:: Data for review ::

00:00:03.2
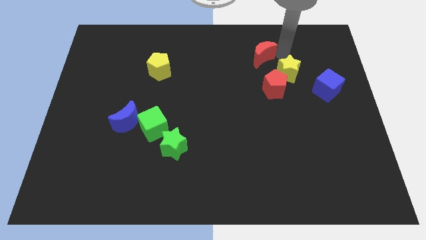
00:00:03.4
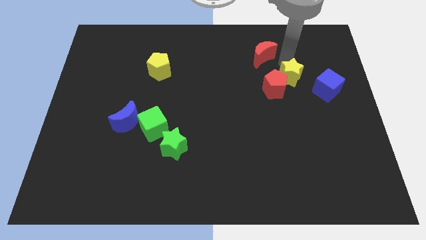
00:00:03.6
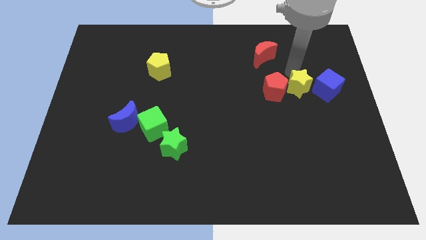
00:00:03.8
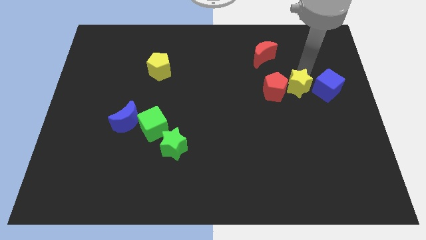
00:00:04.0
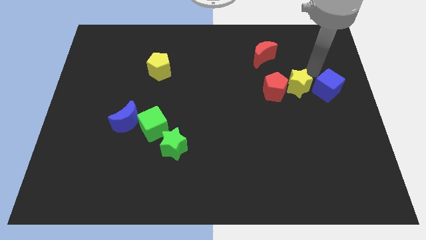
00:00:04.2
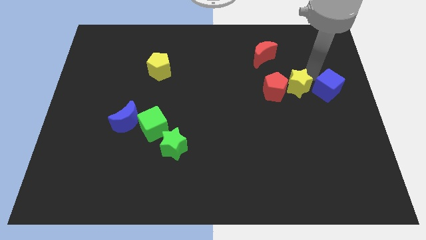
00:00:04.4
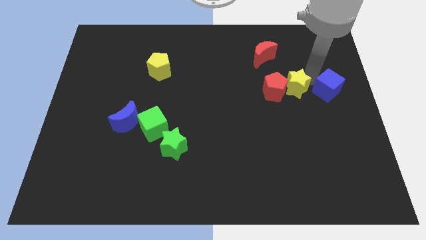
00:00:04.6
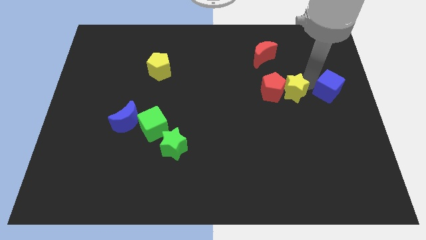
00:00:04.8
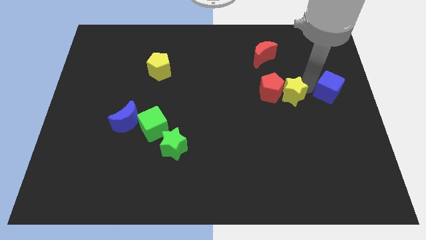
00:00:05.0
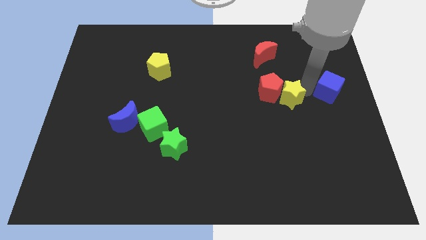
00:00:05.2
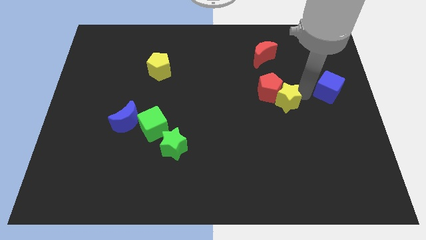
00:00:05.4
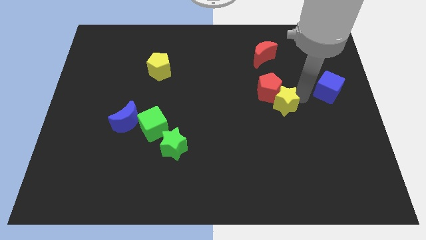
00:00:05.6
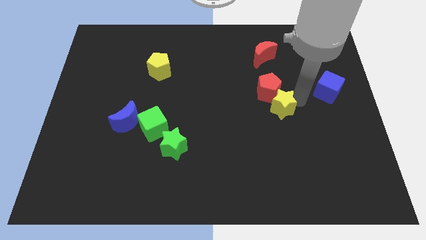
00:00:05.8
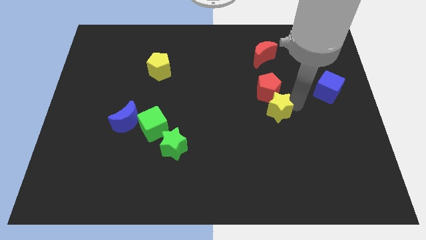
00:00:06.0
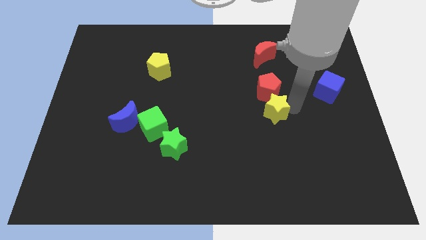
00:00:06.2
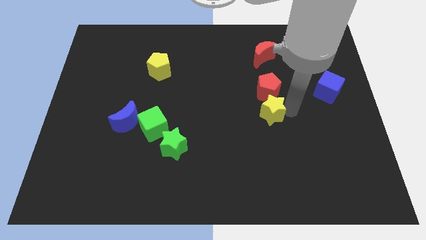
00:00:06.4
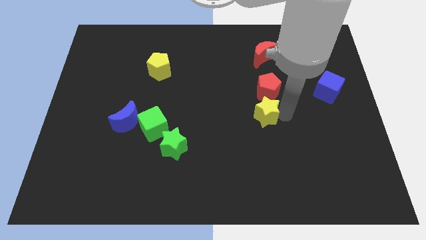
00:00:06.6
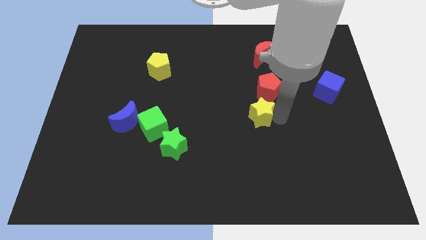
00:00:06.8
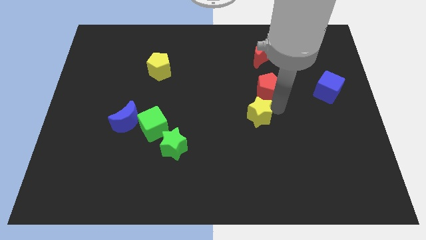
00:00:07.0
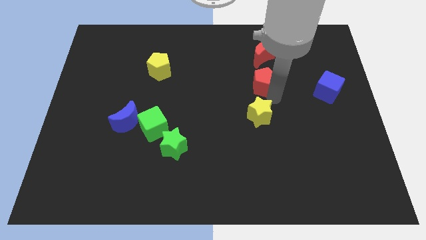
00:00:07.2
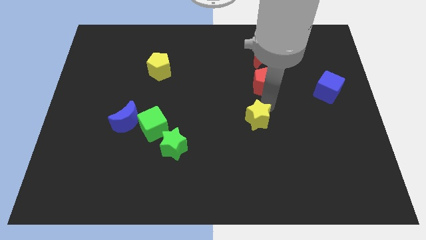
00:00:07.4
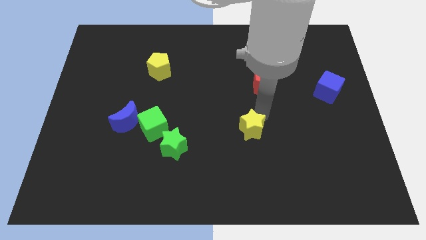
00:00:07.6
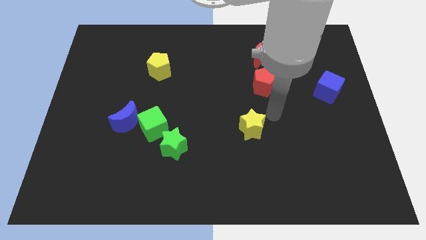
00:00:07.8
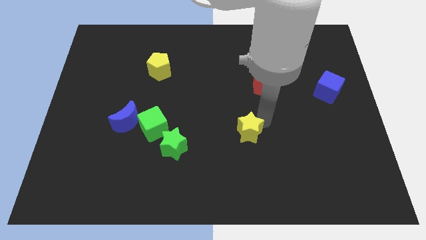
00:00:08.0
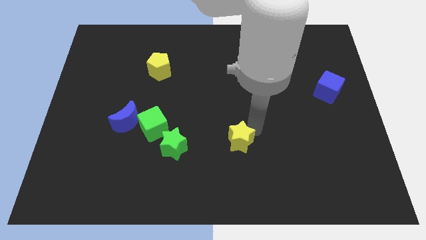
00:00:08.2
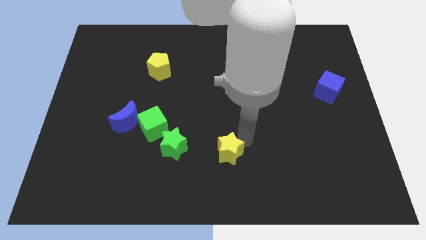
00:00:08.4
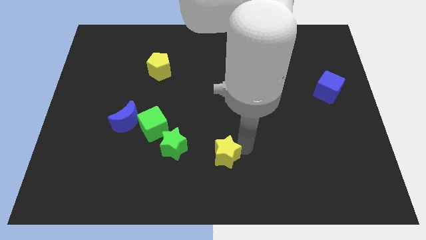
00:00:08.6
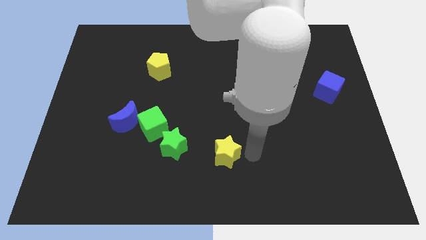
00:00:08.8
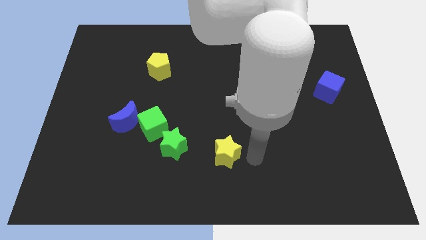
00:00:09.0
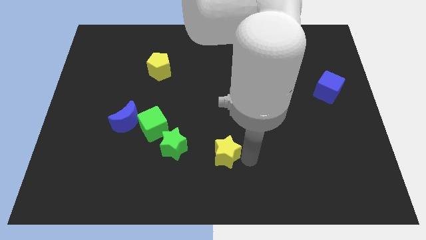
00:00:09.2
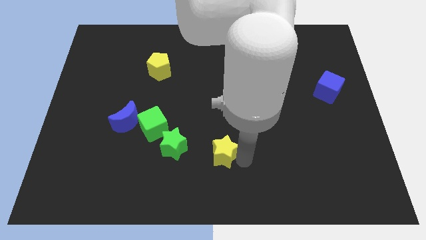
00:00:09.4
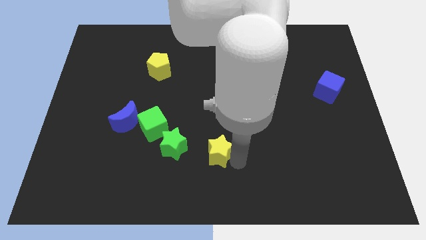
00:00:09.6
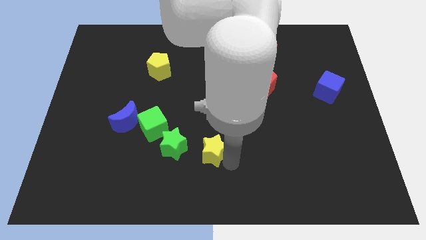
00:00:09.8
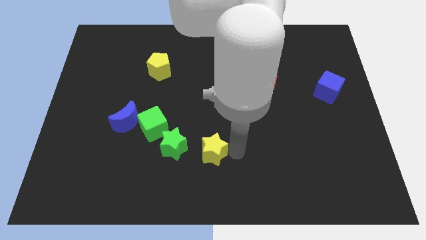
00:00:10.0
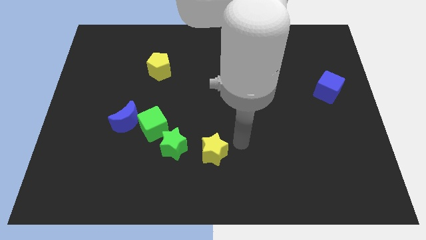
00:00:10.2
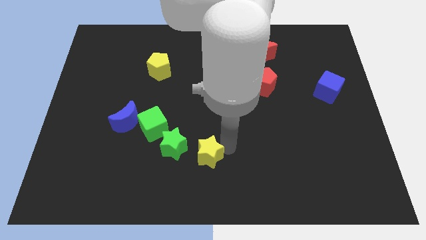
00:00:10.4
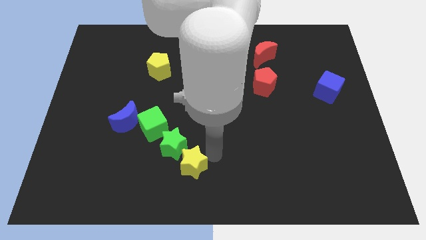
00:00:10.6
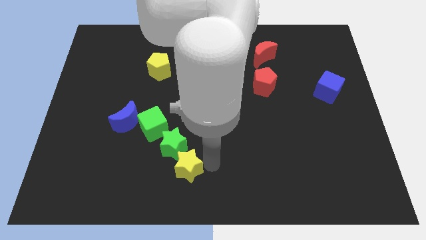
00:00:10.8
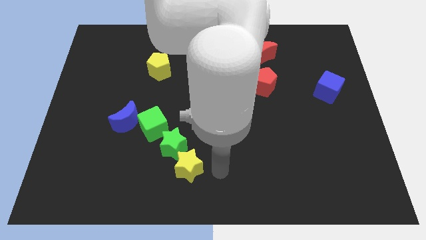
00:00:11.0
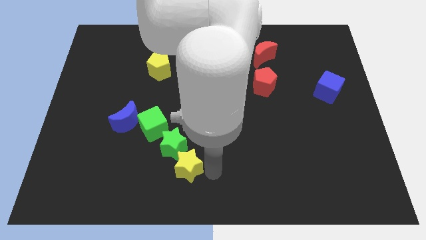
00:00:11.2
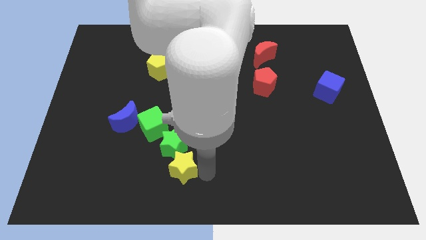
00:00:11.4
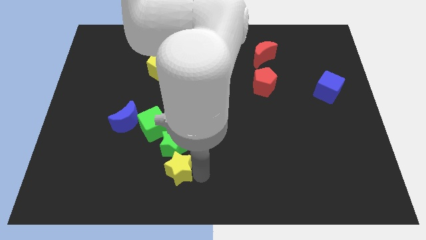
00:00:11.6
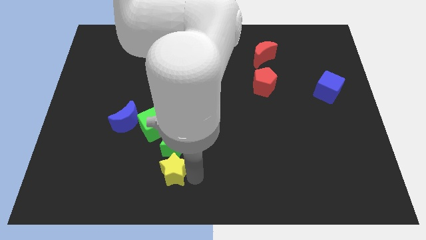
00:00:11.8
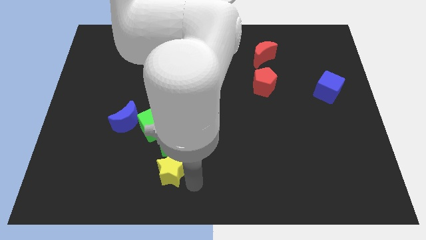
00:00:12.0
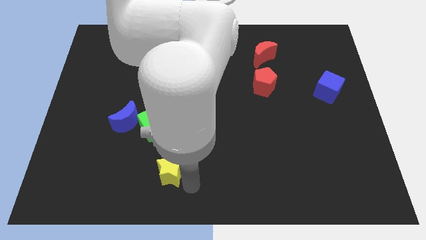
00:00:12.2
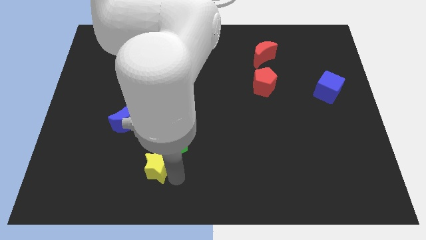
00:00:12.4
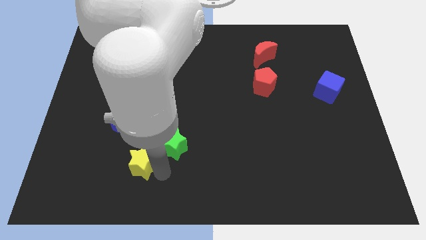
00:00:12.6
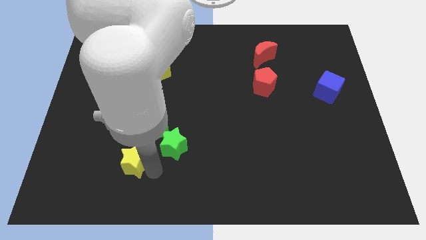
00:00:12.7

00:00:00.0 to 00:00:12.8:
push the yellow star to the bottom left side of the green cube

:::

— Task statement —
Excluding the pictures, transcribe all of the entries exactly.

— Reply to the task —
00:00:03.2
00:00:03.4
00:00:03.6
00:00:03.8
00:00:04.0
00:00:04.2
00:00:04.4
00:00:04.6
00:00:04.8
00:00:05.0
00:00:05.2
00:00:05.4
00:00:05.6
00:00:05.8
00:00:06.0
00:00:06.2
00:00:06.4
00:00:06.6
00:00:06.8
00:00:07.0
00:00:07.2
00:00:07.4
00:00:07.6
00:00:07.8
00:00:08.0
00:00:08.2
00:00:08.4
00:00:08.6
00:00:08.8
00:00:09.0
00:00:09.2
00:00:09.4
00:00:09.6
00:00:09.8
00:00:10.0
00:00:10.2
00:00:10.4
00:00:10.6
00:00:10.8
00:00:11.0
00:00:11.2
00:00:11.4
00:00:11.6
00:00:11.8
00:00:12.0
00:00:12.2
00:00:12.4
00:00:12.6
00:00:12.7

00:00:00.0 to 00:00:12.8:
push the yellow star to the bottom left side of the green cube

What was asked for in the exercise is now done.